Work required: Locate the word "clipPath" in the material, then show every line that holds it.

Material supplied:
::::::::

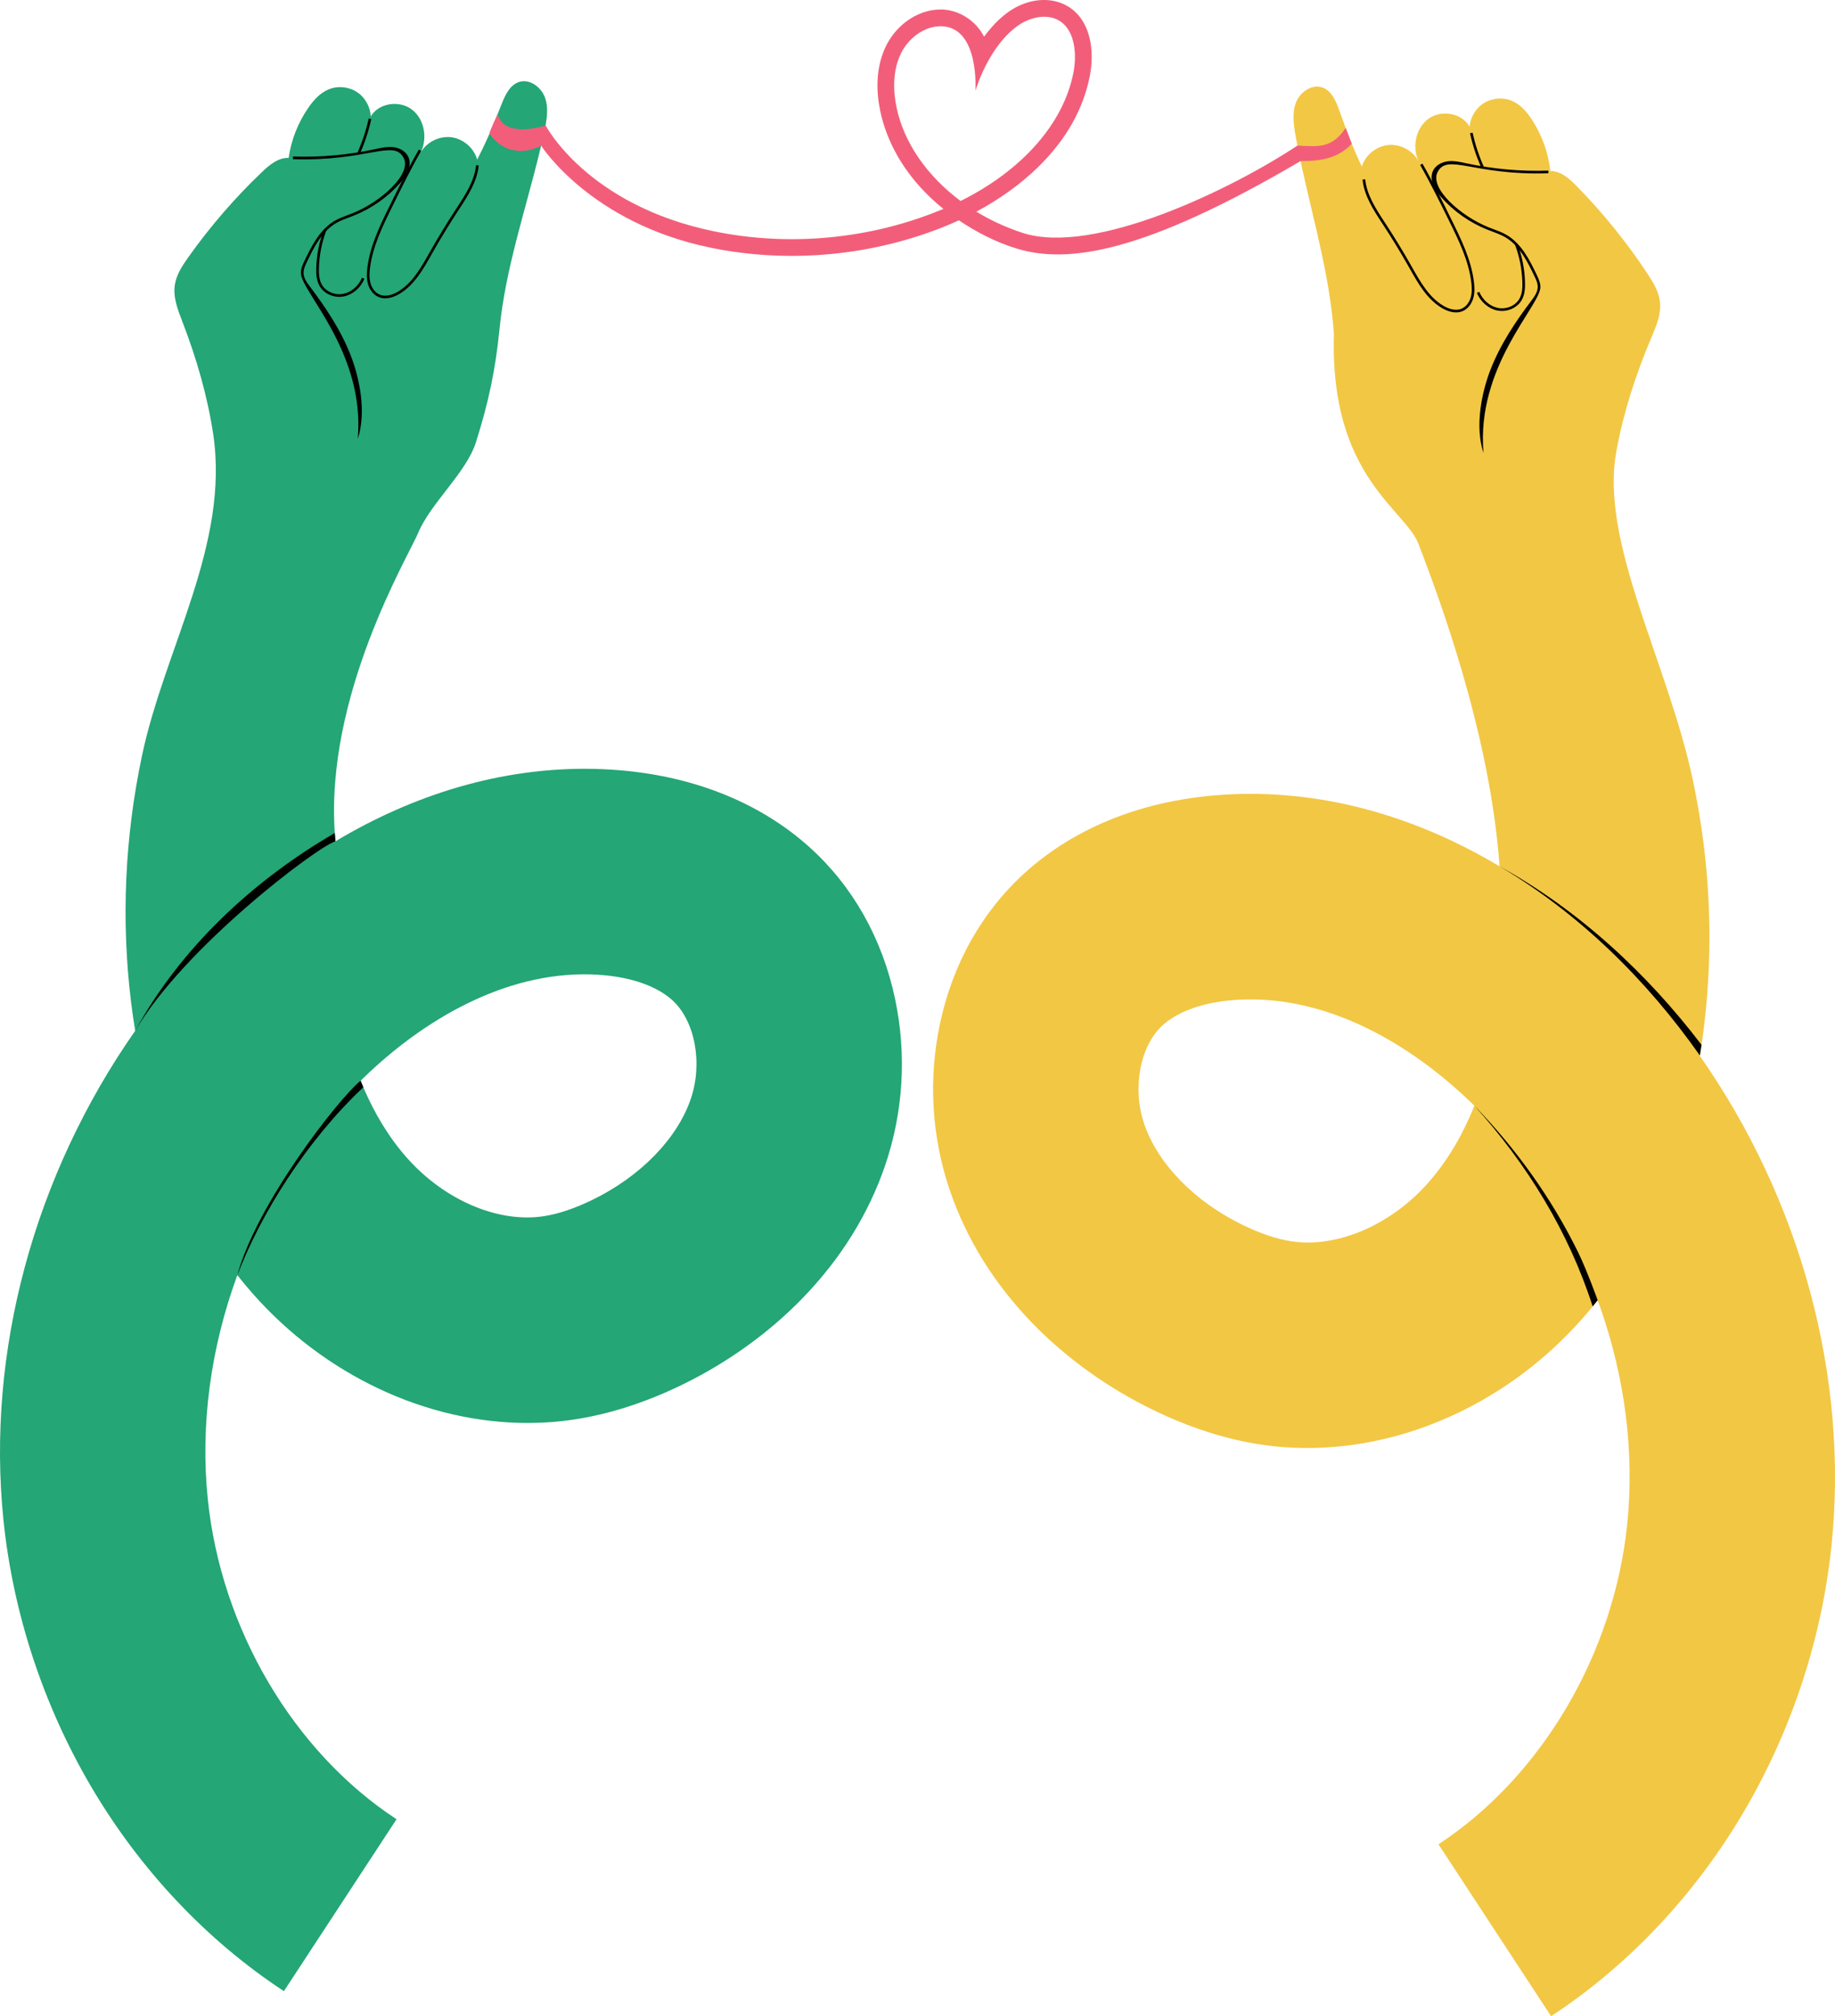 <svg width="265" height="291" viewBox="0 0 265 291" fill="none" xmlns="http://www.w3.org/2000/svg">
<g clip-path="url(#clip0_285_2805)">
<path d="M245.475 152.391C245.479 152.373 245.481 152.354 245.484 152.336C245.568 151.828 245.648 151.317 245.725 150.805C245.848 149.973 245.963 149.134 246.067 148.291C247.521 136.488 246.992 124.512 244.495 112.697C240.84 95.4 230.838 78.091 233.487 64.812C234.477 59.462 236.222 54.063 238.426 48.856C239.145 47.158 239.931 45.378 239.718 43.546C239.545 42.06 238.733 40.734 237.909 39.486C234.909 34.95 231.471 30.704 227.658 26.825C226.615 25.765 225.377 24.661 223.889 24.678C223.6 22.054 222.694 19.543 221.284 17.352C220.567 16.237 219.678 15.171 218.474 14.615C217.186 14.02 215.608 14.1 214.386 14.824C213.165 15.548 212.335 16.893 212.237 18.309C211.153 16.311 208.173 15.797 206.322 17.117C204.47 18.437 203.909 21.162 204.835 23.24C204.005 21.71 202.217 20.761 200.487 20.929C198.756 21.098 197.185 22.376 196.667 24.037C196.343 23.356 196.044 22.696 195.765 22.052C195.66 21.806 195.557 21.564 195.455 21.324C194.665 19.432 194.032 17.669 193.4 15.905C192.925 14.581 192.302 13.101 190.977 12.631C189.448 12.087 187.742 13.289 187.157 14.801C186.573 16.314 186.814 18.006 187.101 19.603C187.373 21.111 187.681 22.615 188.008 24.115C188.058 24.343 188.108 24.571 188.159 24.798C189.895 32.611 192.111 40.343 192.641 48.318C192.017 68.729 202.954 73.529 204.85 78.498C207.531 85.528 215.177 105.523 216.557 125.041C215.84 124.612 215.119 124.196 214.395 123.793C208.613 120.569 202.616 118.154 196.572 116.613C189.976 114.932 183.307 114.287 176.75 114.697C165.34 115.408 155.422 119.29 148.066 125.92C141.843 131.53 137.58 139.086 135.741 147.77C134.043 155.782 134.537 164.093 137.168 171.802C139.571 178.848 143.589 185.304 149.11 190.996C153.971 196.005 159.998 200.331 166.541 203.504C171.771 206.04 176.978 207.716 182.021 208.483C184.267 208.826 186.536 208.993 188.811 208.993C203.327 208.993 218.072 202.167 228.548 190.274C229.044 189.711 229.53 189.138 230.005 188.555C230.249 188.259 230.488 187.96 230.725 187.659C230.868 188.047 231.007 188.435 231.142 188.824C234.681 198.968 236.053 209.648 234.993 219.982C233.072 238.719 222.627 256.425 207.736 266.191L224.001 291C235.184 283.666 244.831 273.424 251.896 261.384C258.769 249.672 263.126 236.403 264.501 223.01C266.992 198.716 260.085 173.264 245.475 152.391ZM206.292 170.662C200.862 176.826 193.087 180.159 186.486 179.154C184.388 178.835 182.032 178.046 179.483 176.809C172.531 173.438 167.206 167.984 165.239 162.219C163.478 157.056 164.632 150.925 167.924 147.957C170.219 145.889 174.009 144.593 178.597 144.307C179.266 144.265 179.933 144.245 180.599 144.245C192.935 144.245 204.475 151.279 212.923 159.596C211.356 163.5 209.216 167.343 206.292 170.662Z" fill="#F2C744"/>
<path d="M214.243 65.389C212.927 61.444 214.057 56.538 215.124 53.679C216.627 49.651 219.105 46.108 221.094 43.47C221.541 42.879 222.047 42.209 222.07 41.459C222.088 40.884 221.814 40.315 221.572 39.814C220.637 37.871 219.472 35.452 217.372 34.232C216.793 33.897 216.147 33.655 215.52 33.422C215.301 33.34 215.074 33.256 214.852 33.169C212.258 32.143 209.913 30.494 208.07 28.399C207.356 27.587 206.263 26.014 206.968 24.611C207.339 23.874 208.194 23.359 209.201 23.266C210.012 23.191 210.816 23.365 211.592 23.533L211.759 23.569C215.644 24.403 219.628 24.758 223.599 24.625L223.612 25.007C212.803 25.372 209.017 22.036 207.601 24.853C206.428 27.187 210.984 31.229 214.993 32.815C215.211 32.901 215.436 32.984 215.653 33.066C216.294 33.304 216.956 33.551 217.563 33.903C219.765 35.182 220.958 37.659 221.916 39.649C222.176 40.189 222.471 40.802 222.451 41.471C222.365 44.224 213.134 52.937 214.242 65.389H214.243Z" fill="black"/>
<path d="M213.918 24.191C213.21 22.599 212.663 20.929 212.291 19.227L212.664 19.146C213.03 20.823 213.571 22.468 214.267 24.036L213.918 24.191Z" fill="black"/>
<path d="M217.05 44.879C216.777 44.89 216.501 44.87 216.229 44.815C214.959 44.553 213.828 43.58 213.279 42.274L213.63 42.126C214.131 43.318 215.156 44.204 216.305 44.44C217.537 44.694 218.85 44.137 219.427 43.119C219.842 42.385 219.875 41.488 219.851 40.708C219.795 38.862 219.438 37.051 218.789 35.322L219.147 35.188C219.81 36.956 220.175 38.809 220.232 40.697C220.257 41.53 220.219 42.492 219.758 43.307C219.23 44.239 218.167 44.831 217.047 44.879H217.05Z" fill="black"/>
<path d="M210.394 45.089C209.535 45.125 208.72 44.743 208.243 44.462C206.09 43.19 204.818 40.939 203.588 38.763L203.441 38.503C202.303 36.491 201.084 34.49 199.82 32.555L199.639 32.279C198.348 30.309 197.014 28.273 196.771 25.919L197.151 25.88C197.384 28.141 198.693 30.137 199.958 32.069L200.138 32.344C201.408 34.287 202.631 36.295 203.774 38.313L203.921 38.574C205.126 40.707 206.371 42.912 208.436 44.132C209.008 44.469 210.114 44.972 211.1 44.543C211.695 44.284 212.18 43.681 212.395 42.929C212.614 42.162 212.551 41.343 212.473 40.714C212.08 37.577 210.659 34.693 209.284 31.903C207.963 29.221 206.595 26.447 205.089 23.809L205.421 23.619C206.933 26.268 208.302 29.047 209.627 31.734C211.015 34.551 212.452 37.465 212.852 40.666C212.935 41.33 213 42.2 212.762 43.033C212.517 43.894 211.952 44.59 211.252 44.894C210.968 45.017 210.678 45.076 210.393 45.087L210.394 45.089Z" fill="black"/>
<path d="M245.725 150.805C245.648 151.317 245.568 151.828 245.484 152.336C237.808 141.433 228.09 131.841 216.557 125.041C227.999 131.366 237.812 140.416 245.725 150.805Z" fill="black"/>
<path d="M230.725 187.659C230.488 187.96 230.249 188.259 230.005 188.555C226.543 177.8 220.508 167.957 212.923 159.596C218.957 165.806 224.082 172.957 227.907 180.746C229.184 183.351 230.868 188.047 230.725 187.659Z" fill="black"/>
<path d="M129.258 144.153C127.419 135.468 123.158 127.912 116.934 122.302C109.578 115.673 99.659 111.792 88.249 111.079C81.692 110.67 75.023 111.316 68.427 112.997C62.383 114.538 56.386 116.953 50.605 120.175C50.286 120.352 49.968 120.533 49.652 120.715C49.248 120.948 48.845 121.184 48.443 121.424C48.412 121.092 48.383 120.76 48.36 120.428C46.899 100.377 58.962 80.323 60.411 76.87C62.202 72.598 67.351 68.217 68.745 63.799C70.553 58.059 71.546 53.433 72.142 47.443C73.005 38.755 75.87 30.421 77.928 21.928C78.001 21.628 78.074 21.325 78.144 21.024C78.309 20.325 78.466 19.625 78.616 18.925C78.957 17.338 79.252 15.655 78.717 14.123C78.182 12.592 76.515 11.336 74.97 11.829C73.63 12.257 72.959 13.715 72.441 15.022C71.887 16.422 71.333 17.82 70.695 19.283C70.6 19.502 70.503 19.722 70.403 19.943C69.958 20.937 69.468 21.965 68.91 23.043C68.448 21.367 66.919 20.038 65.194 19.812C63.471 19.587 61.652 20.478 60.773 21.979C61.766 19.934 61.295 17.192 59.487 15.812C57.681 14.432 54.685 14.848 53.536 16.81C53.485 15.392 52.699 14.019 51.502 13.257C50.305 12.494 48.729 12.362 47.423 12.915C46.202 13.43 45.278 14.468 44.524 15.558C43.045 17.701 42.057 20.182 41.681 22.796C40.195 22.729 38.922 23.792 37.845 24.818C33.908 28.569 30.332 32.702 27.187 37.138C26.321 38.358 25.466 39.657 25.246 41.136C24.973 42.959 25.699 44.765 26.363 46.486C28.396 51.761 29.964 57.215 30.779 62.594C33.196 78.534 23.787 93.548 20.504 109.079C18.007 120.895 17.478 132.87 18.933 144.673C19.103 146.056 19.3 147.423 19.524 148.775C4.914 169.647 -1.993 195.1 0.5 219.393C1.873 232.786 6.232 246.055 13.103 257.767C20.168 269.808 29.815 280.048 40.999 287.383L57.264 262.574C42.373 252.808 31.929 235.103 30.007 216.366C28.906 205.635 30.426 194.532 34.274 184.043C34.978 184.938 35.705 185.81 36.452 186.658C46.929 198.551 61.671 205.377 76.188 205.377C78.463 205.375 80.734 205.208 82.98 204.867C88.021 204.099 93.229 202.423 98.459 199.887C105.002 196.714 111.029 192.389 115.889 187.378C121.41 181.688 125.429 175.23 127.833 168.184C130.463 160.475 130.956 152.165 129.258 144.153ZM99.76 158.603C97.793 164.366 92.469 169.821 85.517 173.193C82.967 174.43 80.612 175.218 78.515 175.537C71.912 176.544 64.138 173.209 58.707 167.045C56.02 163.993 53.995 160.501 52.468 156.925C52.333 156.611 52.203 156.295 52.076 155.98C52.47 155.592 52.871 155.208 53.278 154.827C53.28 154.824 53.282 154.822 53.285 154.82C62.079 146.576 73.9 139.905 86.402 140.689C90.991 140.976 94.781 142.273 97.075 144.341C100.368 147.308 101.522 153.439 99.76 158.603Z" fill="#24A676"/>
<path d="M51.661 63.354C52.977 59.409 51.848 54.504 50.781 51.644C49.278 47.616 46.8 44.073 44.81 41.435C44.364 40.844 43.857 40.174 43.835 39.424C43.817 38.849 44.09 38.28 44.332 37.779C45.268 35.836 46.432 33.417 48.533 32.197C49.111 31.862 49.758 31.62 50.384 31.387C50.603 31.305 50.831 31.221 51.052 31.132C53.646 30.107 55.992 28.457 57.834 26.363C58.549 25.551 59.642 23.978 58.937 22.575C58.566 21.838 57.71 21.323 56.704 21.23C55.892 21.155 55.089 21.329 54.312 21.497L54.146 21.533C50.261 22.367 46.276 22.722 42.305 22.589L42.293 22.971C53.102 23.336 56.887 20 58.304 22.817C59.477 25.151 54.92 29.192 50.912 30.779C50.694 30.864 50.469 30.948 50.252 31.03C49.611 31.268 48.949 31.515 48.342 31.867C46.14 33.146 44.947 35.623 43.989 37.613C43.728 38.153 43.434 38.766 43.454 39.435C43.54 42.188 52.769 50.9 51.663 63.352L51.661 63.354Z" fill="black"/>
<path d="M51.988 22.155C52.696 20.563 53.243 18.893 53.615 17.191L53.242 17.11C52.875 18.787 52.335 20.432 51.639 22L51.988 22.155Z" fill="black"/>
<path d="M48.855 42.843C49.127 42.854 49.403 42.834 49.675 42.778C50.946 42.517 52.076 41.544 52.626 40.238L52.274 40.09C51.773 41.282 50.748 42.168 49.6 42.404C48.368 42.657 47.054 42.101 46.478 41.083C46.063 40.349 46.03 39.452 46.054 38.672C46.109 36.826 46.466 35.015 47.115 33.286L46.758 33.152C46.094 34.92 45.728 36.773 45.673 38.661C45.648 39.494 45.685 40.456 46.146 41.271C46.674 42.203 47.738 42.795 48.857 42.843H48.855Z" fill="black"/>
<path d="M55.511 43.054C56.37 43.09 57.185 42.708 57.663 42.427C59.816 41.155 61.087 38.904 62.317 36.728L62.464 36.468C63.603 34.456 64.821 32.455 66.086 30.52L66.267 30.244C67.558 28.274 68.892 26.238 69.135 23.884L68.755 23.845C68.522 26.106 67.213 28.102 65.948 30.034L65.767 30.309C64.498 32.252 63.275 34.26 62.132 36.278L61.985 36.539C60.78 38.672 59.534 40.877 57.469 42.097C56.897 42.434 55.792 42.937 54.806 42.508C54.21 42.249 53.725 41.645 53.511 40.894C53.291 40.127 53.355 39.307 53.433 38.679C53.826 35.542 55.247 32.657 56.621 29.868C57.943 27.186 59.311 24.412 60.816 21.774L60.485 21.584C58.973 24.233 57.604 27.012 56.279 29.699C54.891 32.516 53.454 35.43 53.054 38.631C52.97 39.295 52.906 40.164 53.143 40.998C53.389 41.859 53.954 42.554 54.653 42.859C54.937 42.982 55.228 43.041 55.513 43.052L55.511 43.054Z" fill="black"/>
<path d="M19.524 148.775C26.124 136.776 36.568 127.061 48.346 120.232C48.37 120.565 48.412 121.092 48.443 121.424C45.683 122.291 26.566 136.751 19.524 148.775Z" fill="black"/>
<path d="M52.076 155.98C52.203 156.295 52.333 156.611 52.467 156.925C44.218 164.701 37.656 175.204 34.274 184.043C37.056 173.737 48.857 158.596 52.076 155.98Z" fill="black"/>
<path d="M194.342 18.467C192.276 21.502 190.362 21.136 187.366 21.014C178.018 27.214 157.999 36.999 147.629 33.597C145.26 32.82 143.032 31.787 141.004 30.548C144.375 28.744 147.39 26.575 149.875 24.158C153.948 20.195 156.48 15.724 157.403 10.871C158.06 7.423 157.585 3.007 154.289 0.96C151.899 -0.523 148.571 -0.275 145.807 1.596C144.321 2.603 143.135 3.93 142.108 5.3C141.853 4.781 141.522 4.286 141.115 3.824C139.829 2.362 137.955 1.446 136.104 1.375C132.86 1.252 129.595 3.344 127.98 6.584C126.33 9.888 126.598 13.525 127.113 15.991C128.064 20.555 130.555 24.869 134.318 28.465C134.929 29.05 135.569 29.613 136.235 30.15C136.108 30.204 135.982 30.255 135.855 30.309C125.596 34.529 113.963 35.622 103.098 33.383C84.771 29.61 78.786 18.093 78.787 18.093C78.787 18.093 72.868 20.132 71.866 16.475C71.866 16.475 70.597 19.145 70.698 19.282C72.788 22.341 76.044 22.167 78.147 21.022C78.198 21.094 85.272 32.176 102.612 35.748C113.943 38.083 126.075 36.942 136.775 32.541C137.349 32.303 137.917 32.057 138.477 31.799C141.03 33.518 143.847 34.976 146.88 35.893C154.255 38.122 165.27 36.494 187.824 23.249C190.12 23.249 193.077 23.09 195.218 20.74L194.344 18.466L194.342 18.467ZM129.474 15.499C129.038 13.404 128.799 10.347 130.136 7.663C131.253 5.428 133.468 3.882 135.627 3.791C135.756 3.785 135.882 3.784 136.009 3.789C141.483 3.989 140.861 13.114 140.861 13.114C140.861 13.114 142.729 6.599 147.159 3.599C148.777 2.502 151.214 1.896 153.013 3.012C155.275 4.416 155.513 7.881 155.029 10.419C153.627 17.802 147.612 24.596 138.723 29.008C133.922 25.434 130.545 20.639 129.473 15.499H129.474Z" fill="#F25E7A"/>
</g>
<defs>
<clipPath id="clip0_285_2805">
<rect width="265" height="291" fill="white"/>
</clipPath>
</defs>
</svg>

::::::::

Exercise answer:
<clipPath id="clip0_285_2805">
</clipPath>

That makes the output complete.